Wilson helps young people – like “Friday” singer Rebecca Black – make songs and videos through his Los Angeles company, Ark Music Factory. He’s drawn heat from critics who say he exploits kids and families, charging a few thousand bucks to produce and promote heavily Auto-Tuned songs and videos. He says the costs are reasonable and that he’s helping to produce clean, fun music that’s appropriate for kids.

“They don’t have to have the greatest voice,” he said. “They can have a great image, a great personality, as long as their heart’s into it and they feel the music … I’ll give them a chance.”

The chance for what, is the question. Black has undergone a brief, intense battering at the hands of the online commentariat that sets a new low even for that arena.

Wilson sees it more in the “no publicity is bad publicity” vein, and says the experience will be a stepping stone for Black. He’s released his own song, “Say What You Want,” that responds, sort of, to his critics.

“Hey, yo, everybody wants to know what Patrice has to say,” the song begins, before moving on to the refrain: “I keep on hearing everybody calling me a pedophile, calling me Fat, Fat, Fat, Fat Usher.”

Word of Wilson’s connection to Whitworth first popped up on a Los Angeles Times blog several weeks ago. He attended the school for three terms in 2000 and ran on the track team, he said. I don’t think it’s where he learned songcraft. (I teach a class there; I suspect my students could write a better song in an hour.)

“We’ve been seeing a lot of social media chatter about it on Facebook and Twitter and that sort of thing,” said Emily Proffitt, a Whitworth spokeswoman.

In truth, this particular virus is probably about dead by now: The video appeared in March, quickly set a record for YouTube page views and “dislikes,” prompted the creation of a page on Wikipedia and a ringtone, spawned a flood of parodies, and gave us Wilson’s self-produced “interview” and then his song.

By the time a dinosaur like me wades in, the kids have been infected with something else.
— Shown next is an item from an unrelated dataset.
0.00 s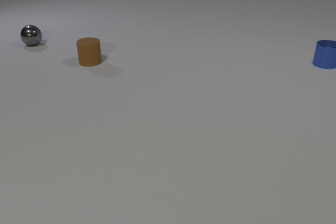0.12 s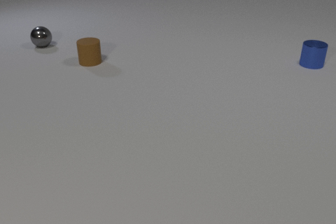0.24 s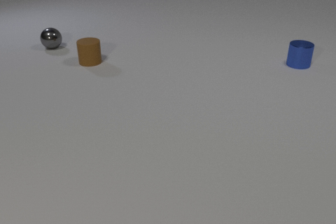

And yet, when I watched “Friday” this week, the number of dislikes was still steadily ticking upward.

The song is not good, but it’s not vastly worse than a lot of the garbage MTV has peddled over the years. The overwrought response to it is just a furious echo from a mean-spirited chorus of kids who haven’t yet lived their way into more important considerations.

But, yes, Wilson has introduced some truly inane lyrics into the lexicon: “Friday, Friday, gettin’ down on Friday… Partyin’, partyin’, yeah! Partyin’, partyin’, yeah! Fun, fun, fun, fun, looking forward to the weekend.”

In case the message escaped you, Wilson says it’s supposed to be a fun, light song. He says the online hostility was tough for Black to take, but that she’s been strong about it and is moving on to other things. Part of moving on apparently involves a legal dispute between Black and Ark over rights to the song.

After Wilson’s year at Whitworth, he spent several years kicking around Spokane, working day jobs and trying to produce music here, he said. He left for Los Angeles in 2007.

He’s considering holding auditions for singers here. Maybe the vortex will exert its force once again, and Spokane will produce the next Rebecca Black – though I wouldn’t wish that on even the most attention-starved kid.